**YOUR GOAL**
Type out all the records word for word. Any pictures are to be left out.

[Stored dataset items]
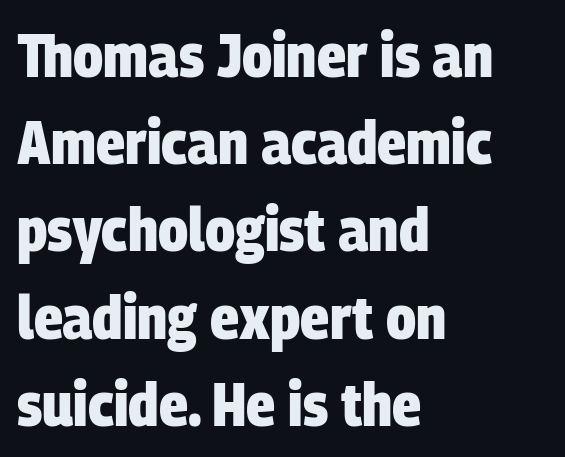
The image shows 61 px heavy, condensed sans-serif type; set left-aligned, normal line spacing (1.43x), normal letter spacing, not underlined; low stroke contrast and a large x-height.
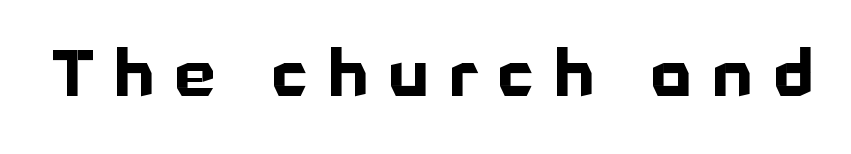
The image shows 64 px bold sans-serif type, upright; set unusually wide letter spacing (+0.32 em), not underlined; low stroke contrast and a medium x-height.
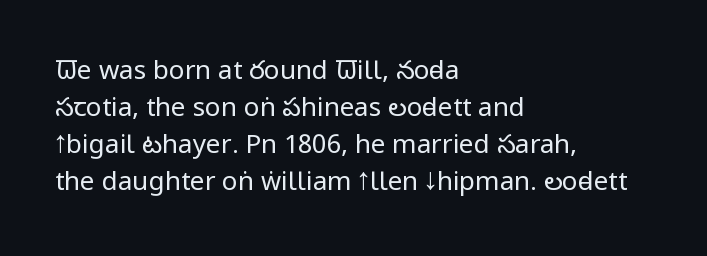
Q: Is the text bold? A: No.
Q: Is the text italic (slanted)? A: No, it is upright.
Q: Is the text underlined? A: No.
Q: How is the paragraph aligned? A: Left-aligned.
Q: Is the spacing between letters normal or unusually wide? A: Normal.
Q: Is the spacing between lines tight, normal or loose? A: Normal.
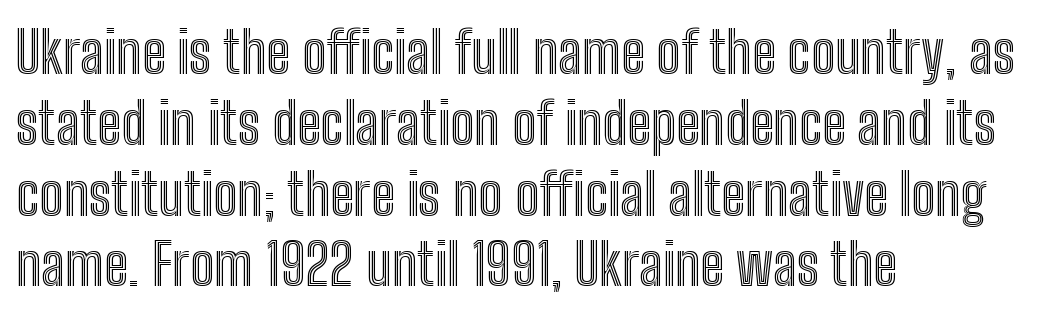
{"italic": "no", "width": "condensed", "x_height": "medium", "monospaced": "no", "underline": "no", "align": "left", "line_spacing_ratio": 1.22, "letter_spacing": "normal", "letter_spacing_em": 0.0, "glyph_px": 58}
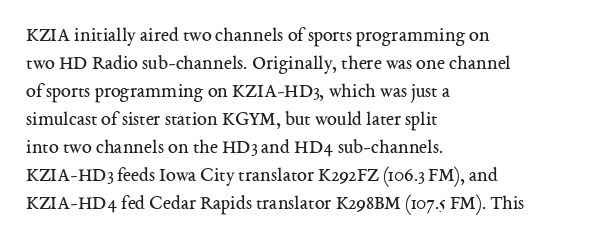
Q: Is the text bold? A: No.
Q: Is the text italic (slanted)? A: No, it is upright.
Q: Is the text underlined? A: No.
Q: How is the paragraph aligned? A: Left-aligned.
Q: Is the spacing between letters normal or unusually wide? A: Normal.
Q: Is the spacing between lines tight, normal or loose? A: Normal.
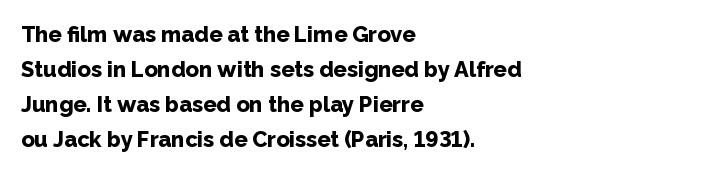
Q: Is the text bold? A: Yes.
Q: Is the text italic (slanted)? A: No, it is upright.
Q: Is the text underlined? A: No.
Q: How is the paragraph aligned? A: Left-aligned.
Q: Is the spacing between letters normal or unusually wide? A: Normal.
Q: Is the spacing between lines tight, normal or loose? A: Normal.

**FINAL ANSWER**
The image shows 61 px heavy, condensed sans-serif type; set left-aligned, normal line spacing (1.43x), normal letter spacing, not underlined; low stroke contrast and a large x-height.
The image shows 64 px bold sans-serif type, upright; set unusually wide letter spacing (+0.32 em), not underlined; low stroke contrast and a medium x-height.
Q: Is the text bold? A: No.
Q: Is the text italic (slanted)? A: No, it is upright.
Q: Is the text underlined? A: No.
Q: How is the paragraph aligned? A: Left-aligned.
Q: Is the spacing between letters normal or unusually wide? A: Normal.
Q: Is the spacing between lines tight, normal or loose? A: Normal.
{"italic": "no", "width": "condensed", "x_height": "medium", "monospaced": "no", "underline": "no", "align": "left", "line_spacing_ratio": 1.22, "letter_spacing": "normal", "letter_spacing_em": 0.0, "glyph_px": 58}
Q: Is the text bold? A: No.
Q: Is the text italic (slanted)? A: No, it is upright.
Q: Is the text underlined? A: No.
Q: How is the paragraph aligned? A: Left-aligned.
Q: Is the spacing between letters normal or unusually wide? A: Normal.
Q: Is the spacing between lines tight, normal or loose? A: Normal.
Q: Is the text bold? A: Yes.
Q: Is the text italic (slanted)? A: No, it is upright.
Q: Is the text underlined? A: No.
Q: How is the paragraph aligned? A: Left-aligned.
Q: Is the spacing between letters normal or unusually wide? A: Normal.
Q: Is the spacing between lines tight, normal or loose? A: Normal.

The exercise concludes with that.